Studies focus on characterizing the signaling events elicited by reduced extracellular pH in human airway smooth muscle cells, their dependence on the G protein-coupled receptor OGR1, and associated functional consequences. Protocols involve: 1) assessing signaling by OGR1 in artificial systems (recombinant OGR1 expressed in HEK293 cells) or primary human airway smooth muscle (endogenous OGR1 in cells in culture or 4th generation human airways) by reduced extracellular pH or novel putative OGR1 ligands; 2) effect of reduced extracellular pH or novel putative OGR1 ligands on single cell or human airway smooth muscle tissue contraction both ex vivo (mouse and human) or in vivo (in mice expressing or lacking OGR1).
“Optimizing beta-adrenoceptor signaling bias in asthma.”

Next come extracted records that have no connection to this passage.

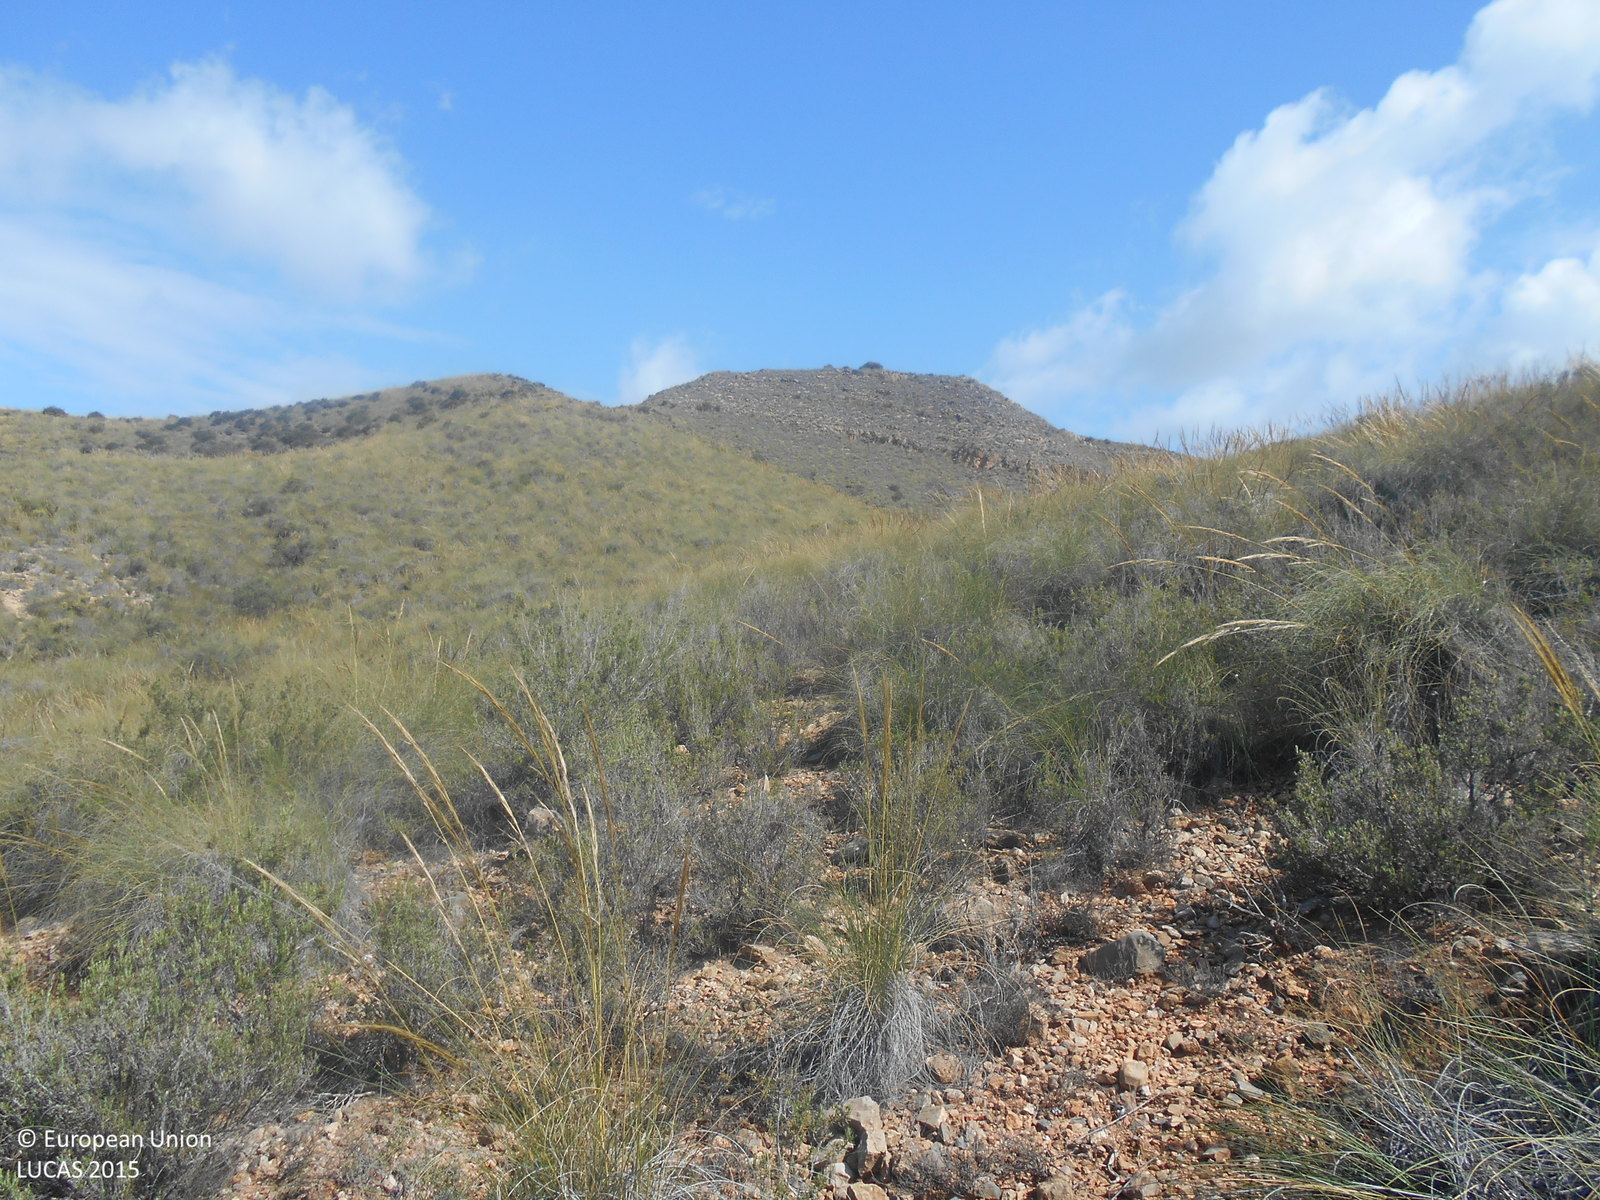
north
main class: Shrubland
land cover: Shrubland without tree cover
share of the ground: > 75 %
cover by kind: shrubs 80 %, unconsolidated bare surface 15 %, consolidated bare surface 5 %
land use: Semi-natural and natural areas not in use
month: April
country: ES
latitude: 37.8001
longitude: -1.3282

Studies explore the capacity of different ligands of the beta-2-adrenoceptor (b2AR) to promote Gs and arrestin-dependent signaling, and regulate the asthma phenotype in murine models of allergic lung inflammation, based on the observation that certain types of b2AR antagonists (“beta-blockers), when administered chronically in mice, strong inhibit the development of allergen-induced inflammation and airway hyperreactivity. Protocols include: 1) characterization of ligand “bias” (the ability to promote Gs- or arrestin-dependent signaling) in multiple cell types (including airway epithelium and smooth muscle); 2) the effect of these ligands on mucin production in murine and human airway epithelial cultures; and 3) the effect of chronic ligand treatment on the asthma phenotype induced by allergic lung inflammation in wild type mice and mice deficient in beta-arrestin expression in specific cell types.